Richard Maurice Bucke (18 March 1837 – 19 February 1902), often called Maurice Bucke, was a prominent  Canadian psychiatrist in the late 19th century.

An adventurer during his youth, Bucke later studied medicine. Eventually, as a psychiatrist, he headed the provincial Asylum for the Insane in London, Ontario.  Bucke was a friend of several noted men of letters in Canada, the United States, and England.

Besides publishing professional articles, Bucke wrote three non-fiction books: Man's Moral Nature, Walt Whitman, and Cosmic Consciousness: A Study in the Evolution of the Human Mind, which is his best-known work.

Early life
Richard Maurice Bucke was born in 1837 in Methwold, England, the son of Rev. Horatio Walpole Bucke (a parish curate) and his wife Clarissa Andrews. The parents and their children emigrated to Canada when he was a year old, settling near London, Ontario.

Horatio W. Bucke had given up the profession of religious minister, and trusted his family's income to their Ontario farm. A sibling in a large family, Richard Maurice Bucke was a typical farm boy of that era. He was an athletic boy who enjoyed a good ball game. When he left home at the age of 16, he traveled to Columbus, Ohio and then to California. Along the way, Bucke worked at various odd jobs. He was part of a travelling party who had to fight for their lives when they were attacked by Shoshone Indians, on whose territory they were trespassing.

In the winter of 1857–58, he was nearly frozen to death in the mountains of California, where he was the sole survivor of a silver-mining party.
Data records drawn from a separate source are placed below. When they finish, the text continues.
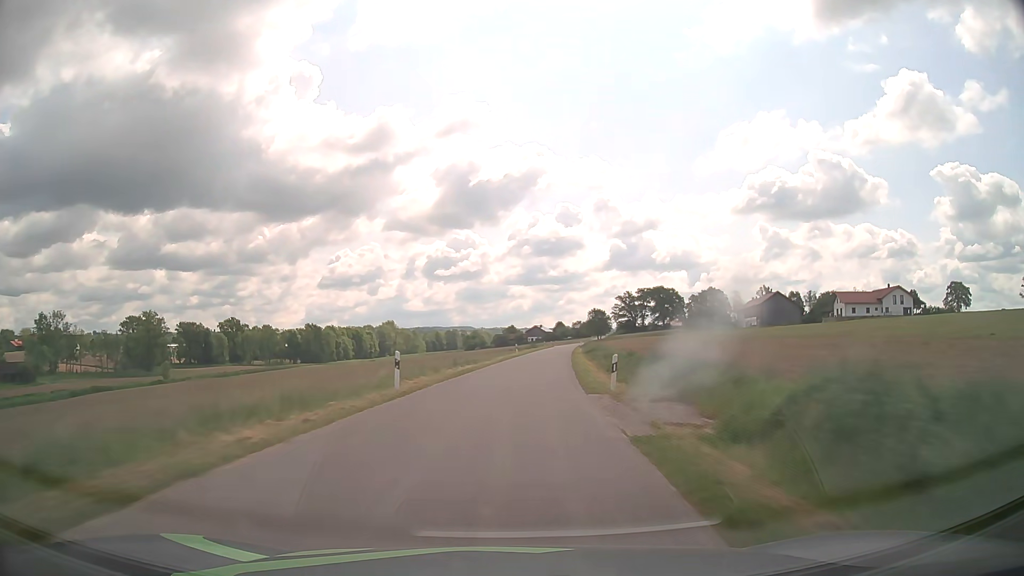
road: unclassified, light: Day
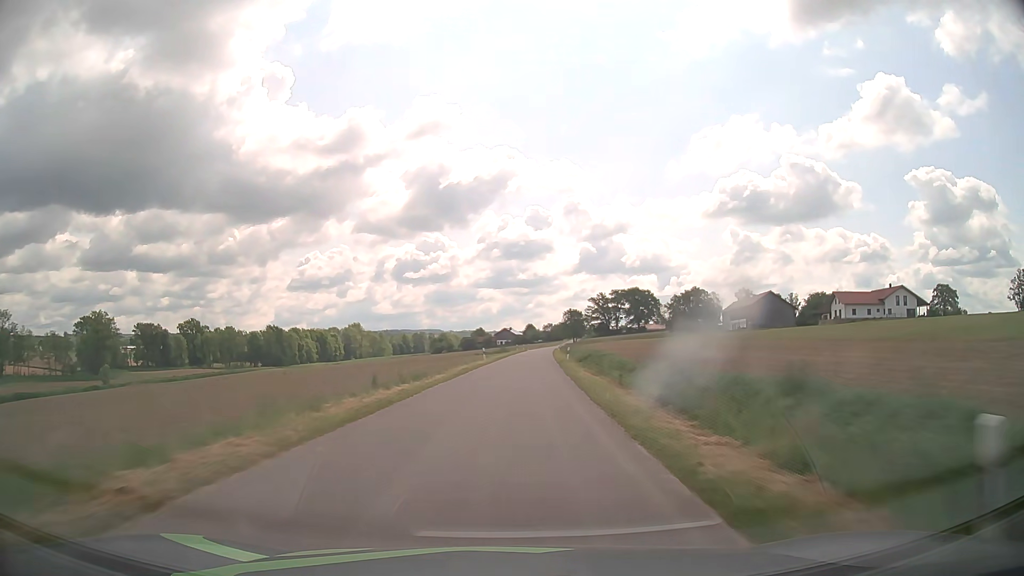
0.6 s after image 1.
(+0.4, +15.3) m; +3°
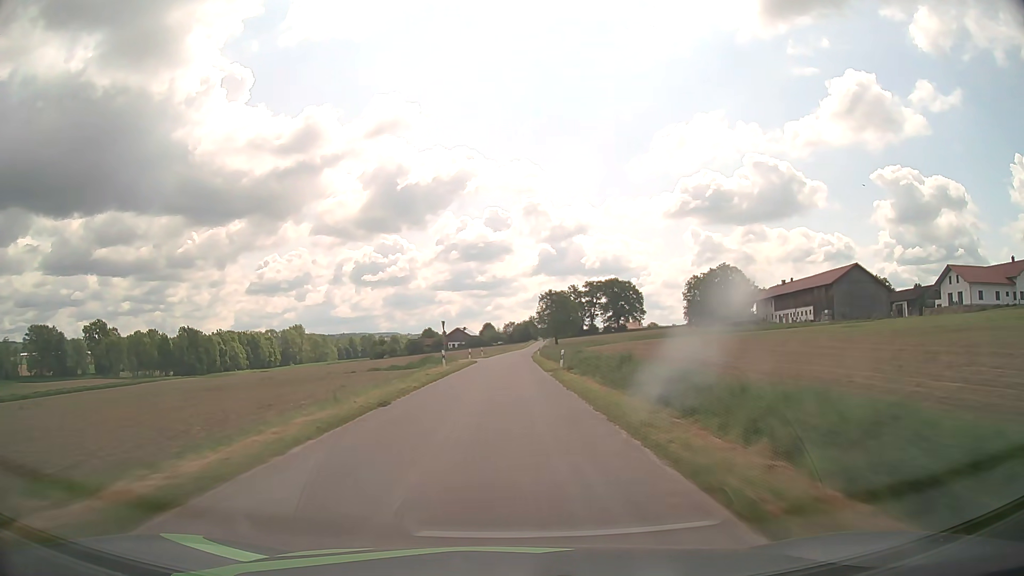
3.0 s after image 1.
(+3.0, +62.0) m; +4°
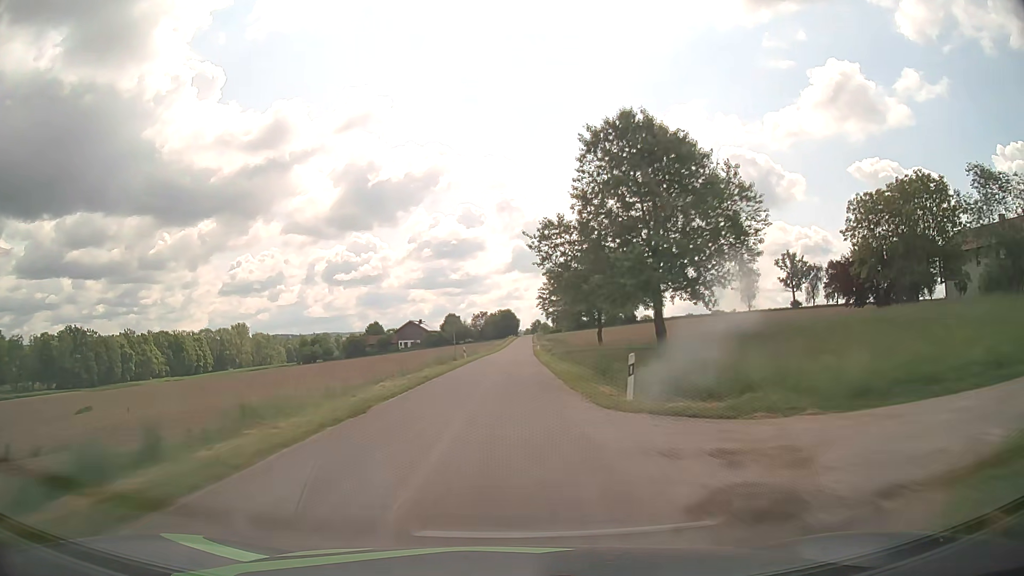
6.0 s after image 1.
(+1.3, +79.3) m; +2°
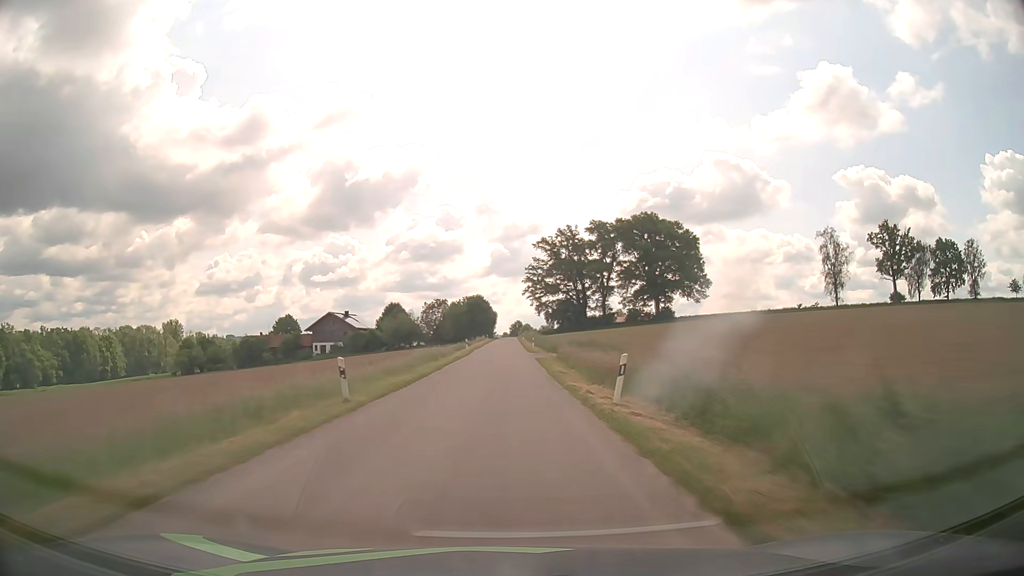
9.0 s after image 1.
(+1.5, +81.0) m; +2°
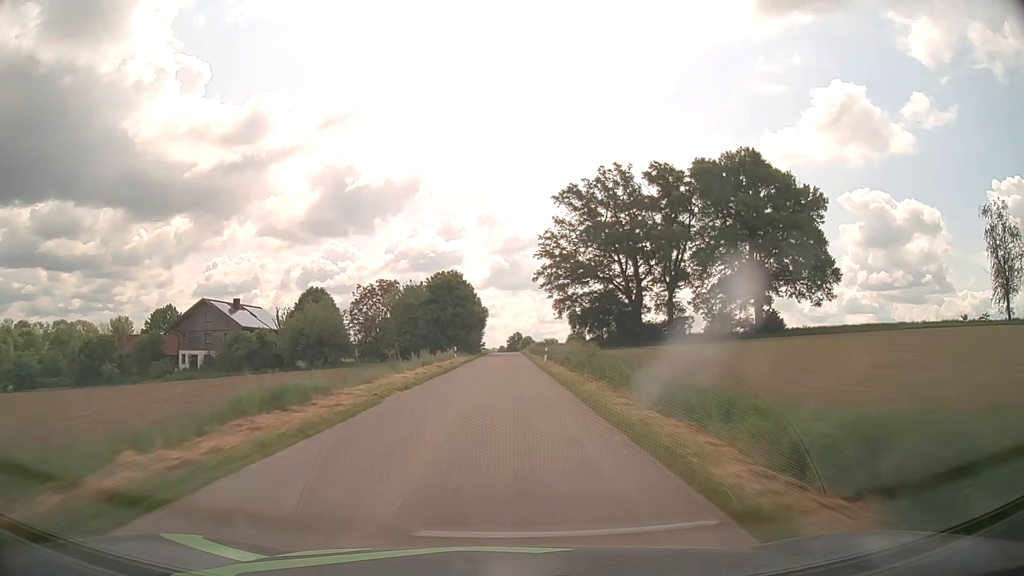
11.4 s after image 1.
(0.0, +65.3) m; +1°
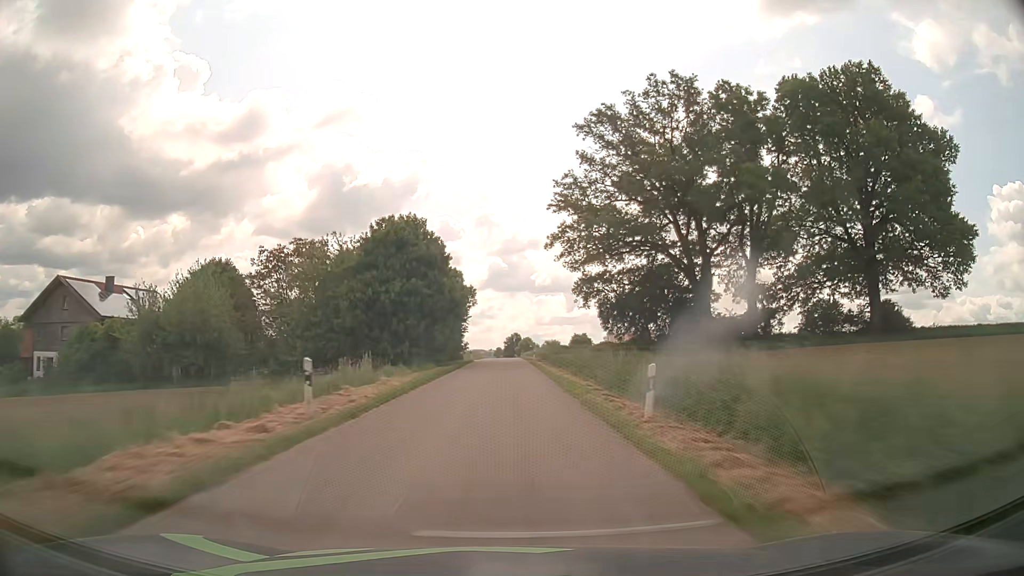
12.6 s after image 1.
(-0.1, +32.5) m; 0°
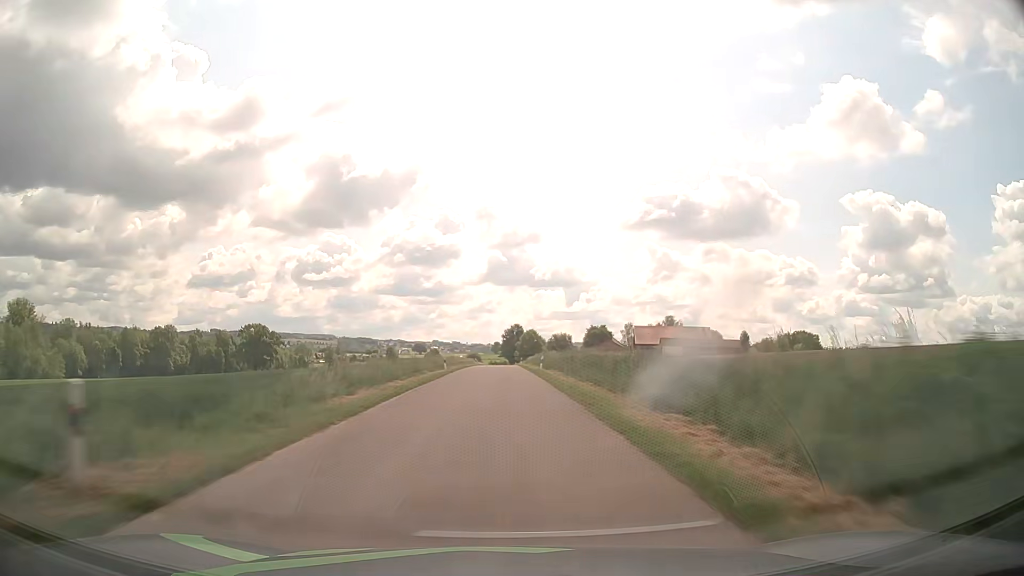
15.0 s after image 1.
(+0.3, +64.6) m; 0°
(0, +10) (0, +20) (0, +30) (0, +40) (0, +50) (0, +60) (0, +70) (0, +80) (-1, +90) (-1, +100) m

He had to walk out over the mountains and suffered extreme frostbite. As a result, a foot and several of his toes were amputated. He then returned to Canada via the Isthmus of Panama, probably in 1858.

Medicine and Psychiatry

Bucke enrolled in McGill University's medical school in Montreal, where he delivered a distinguished thesis in 1862. Although he practiced general medicine briefly as a ship's surgeon (in order to pay for his sea travel), he later specialized in psychiatry. He did his internship in London (1862–63) at University College Hospital. During that time he visited France.

He was for several years an enthusiast for Auguste Comte's positivist philosophy. Huston Smith said of Comte's philosophy: "Auguste Comte had laid down the line: religion belonged to the childhood of the human race....  All genuine knowledge is contained within the boundaries of science."  Comte's belief that religion, if by that is meant spirituality, had been outmoded by science contrasts with Bucke's later belief concerning the nature of reality.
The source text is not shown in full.